Zaghouan (or Zaghwan;   ; ) is a town in the northern half of Tunisia.
 
Situated on a low ridge of the Dorsale Mountains, the town has a mild climate and presents a green aspect. Cold water from here was taken by the Zaghouan Aqueduct to Carthage. The town is famous for its roses, originally cultivated by Muslim refugees from Spain in the seventeenth century. The town is located around 60 km due south of Tunis and around 50 km inland (west) from the Gulf of Hammamet and has an estimated population of around 20,837 (2014). It is the capital of the Zaghouan Governorate.

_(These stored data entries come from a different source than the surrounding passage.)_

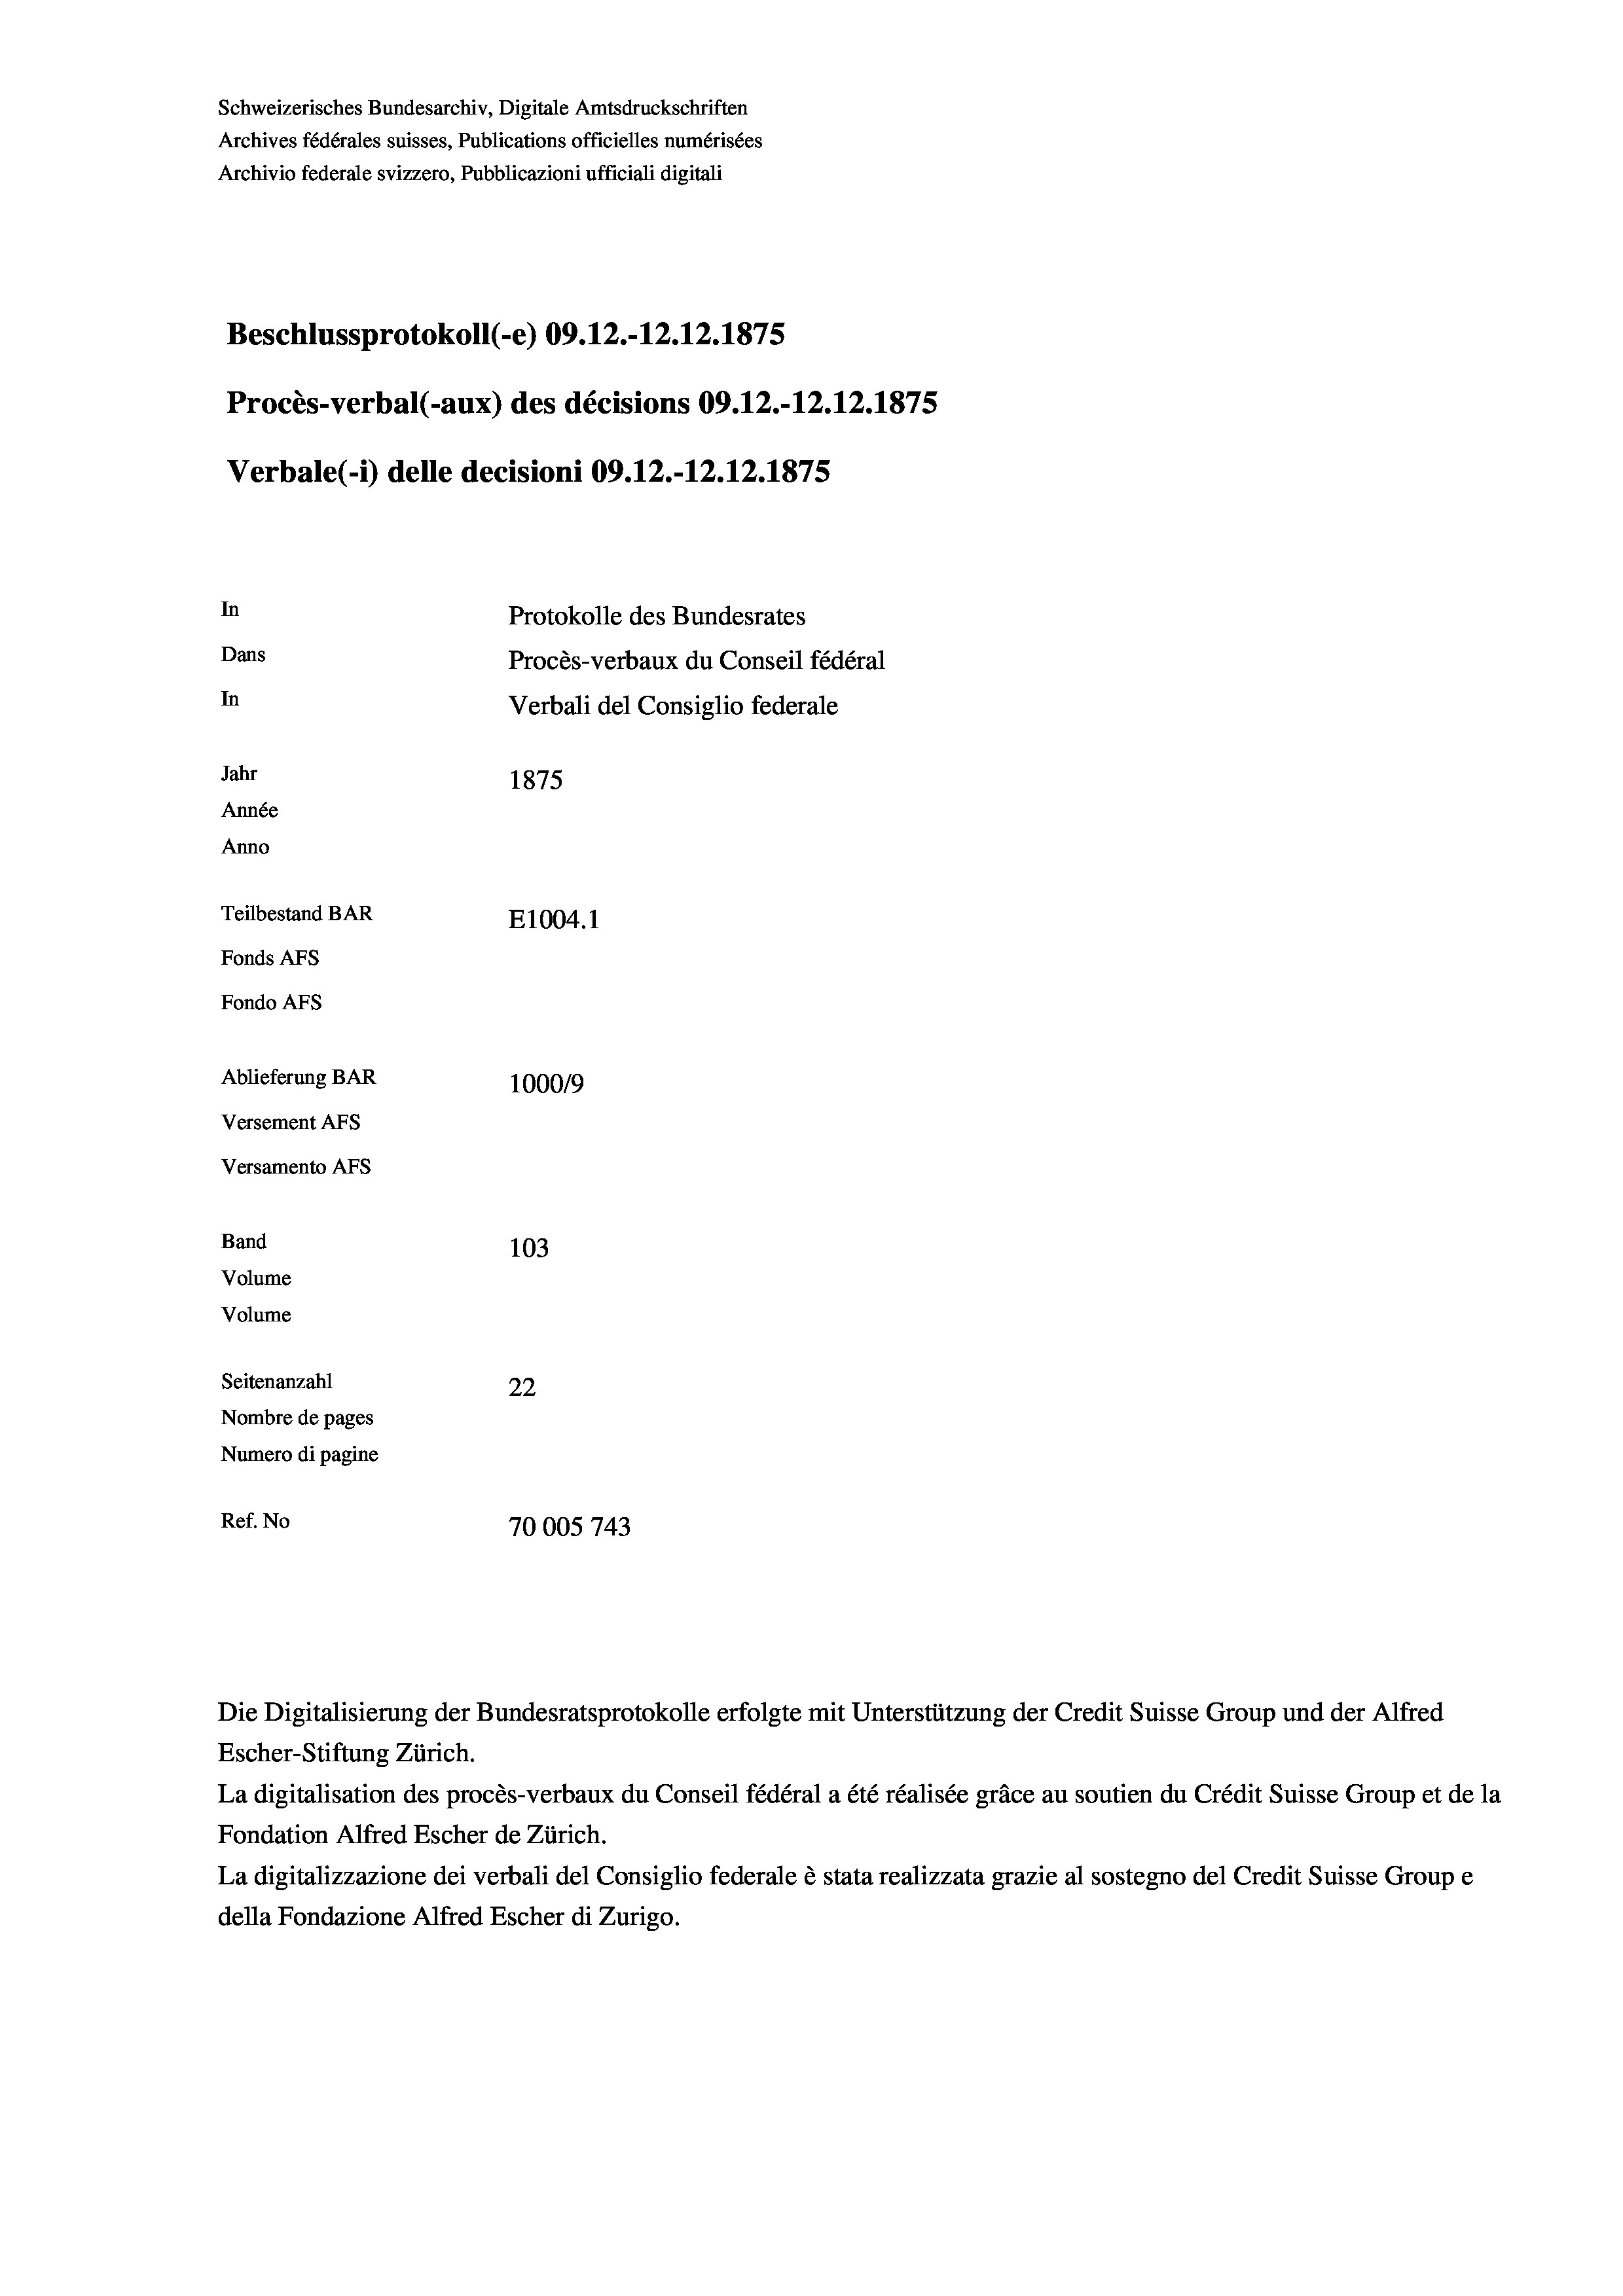
Schweizerisches Bundesarchiv, Digitale Amtsdruckschriften
Archives fédérales suisses, Publications officielles numérisées
Archivio federale svizzero, Pubblicazioni ufficiali digitali
Beschlussprotokoll (-e) 09.12.-12.12.1875
Procès-verbal (-aux) des décisions 09.12.-12.12.1875
Verbale (- 1) delle decisioni 09.12.-12.12.1875
In
Protokolle des Bundesrates
Dans
Procès-verbaux du Conseil fédéral
In
Verbali del Consiglio federale
Jahr
1875
Année
Anno
Teilbestand BAR
E1004. 1
Fonds AEs
Fondo Afs
Ablieferung BAR
100019
Versement AFs
Versamento AFS
Band
103
Volume
Volume

Seitenanzahl
22
Nombre de pages
Numero di pagine
Ref. No
70005743

Die Digitalisierung der Bundesratsprotokolle erfolgte mit Unterstützung der Credit Suisse Group und der Alfred
Escher-Stiftung Zürich.
La digitalisation des procès-verbaux du Conseil fédéral a été réalisée gräce au soutien du Crédit Suisse Group et de la
Fondation Alfred Escher de Zürich.
La digitalizzazione dei verbali del Consiglio federale è stata realizzata grazie al sostegno del Credit Suisse Groupe
della Fondazione Alfred Escher di Zurigo.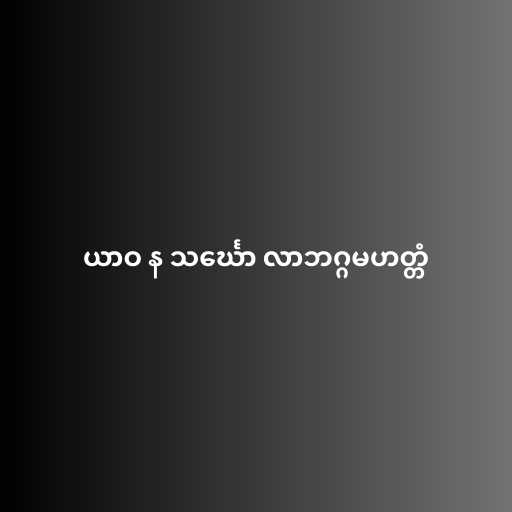
ယာဝ န သင်္ဃော လာဘဂ္ဂမဟတ္တံ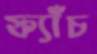
ফ্যাঁচ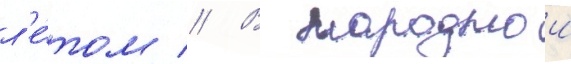
л'е́том // В народнои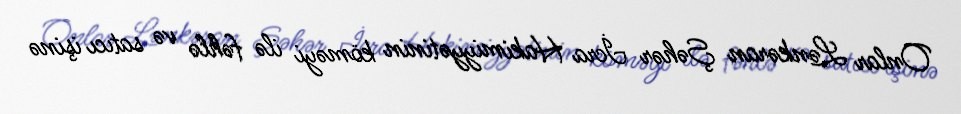
Onlar Lənkəran Şəhər İcra Hakimiyyətinin köməyi ilə fəhlə və satıcı işinə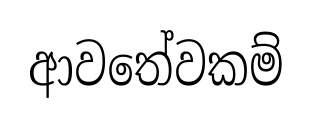
ආවතේවකම්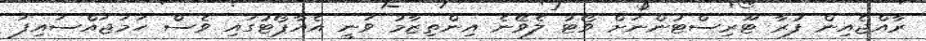
ރާއްޖެއިން ފުރާ ޓޫރިސްޓުންނަށް ވޯޓު ލެވޭނެ އިންތިޒާމު ވަނީ އެއާޕޯޓުގައި ވެސް ހަމަޖައްސައިފަ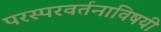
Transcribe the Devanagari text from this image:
परस्परवर्तनाविषयी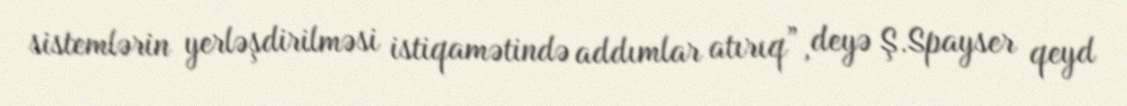
sistemlərin yerləşdirilməsi istiqamətində addımlar atırıq”, deyə Ş.Spayser qeyd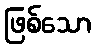
ဖြစ်သော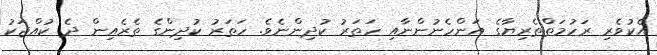
އެކުވެރި ރަހުމަތްތެރިޔާގެ އަންހެނުންނާއި ހަތަރު ކުދިންނެވެ. ހަތަރު ކުދިންގެ ތެރެއިން ދެ ކުއްޖަކު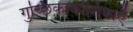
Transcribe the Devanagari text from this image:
गुच्छिकाकोशिकाएँ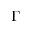
\Gamma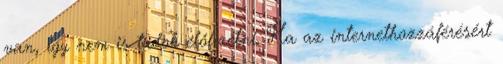
van, így nem is tudok előfizetni. Ha az internethozzáférésért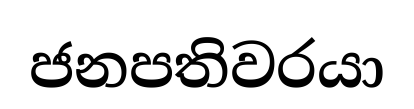
ජනපතිවරයා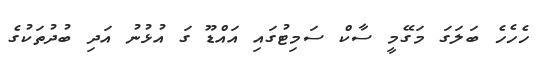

On the mountain south of the city is the Roman Water Temple Djebel Zaghouan (Temple de Eaux), source of an aqueduct which used to take water to the city of Carthage over 100 km away. The ruins here are illustrated in Fisher's Drawing Room Scrap Book, 1840, as 'Temple and Fountain of Zagwhan', the painting being by Sir Greenville Temple with a poetical illustration by Letitia Elizabeth Landon.

Ecclesiastical history 

Zagwan is the presumed site of the Ancient city of Zica, which was among the many of sufficient importance in the Roman province of Africa Proconsularis to become a suffragan diocese of the Metropolitan of Carthage, in the papal sway, yet was to fade completely, probably at the seventh century advent of Islam.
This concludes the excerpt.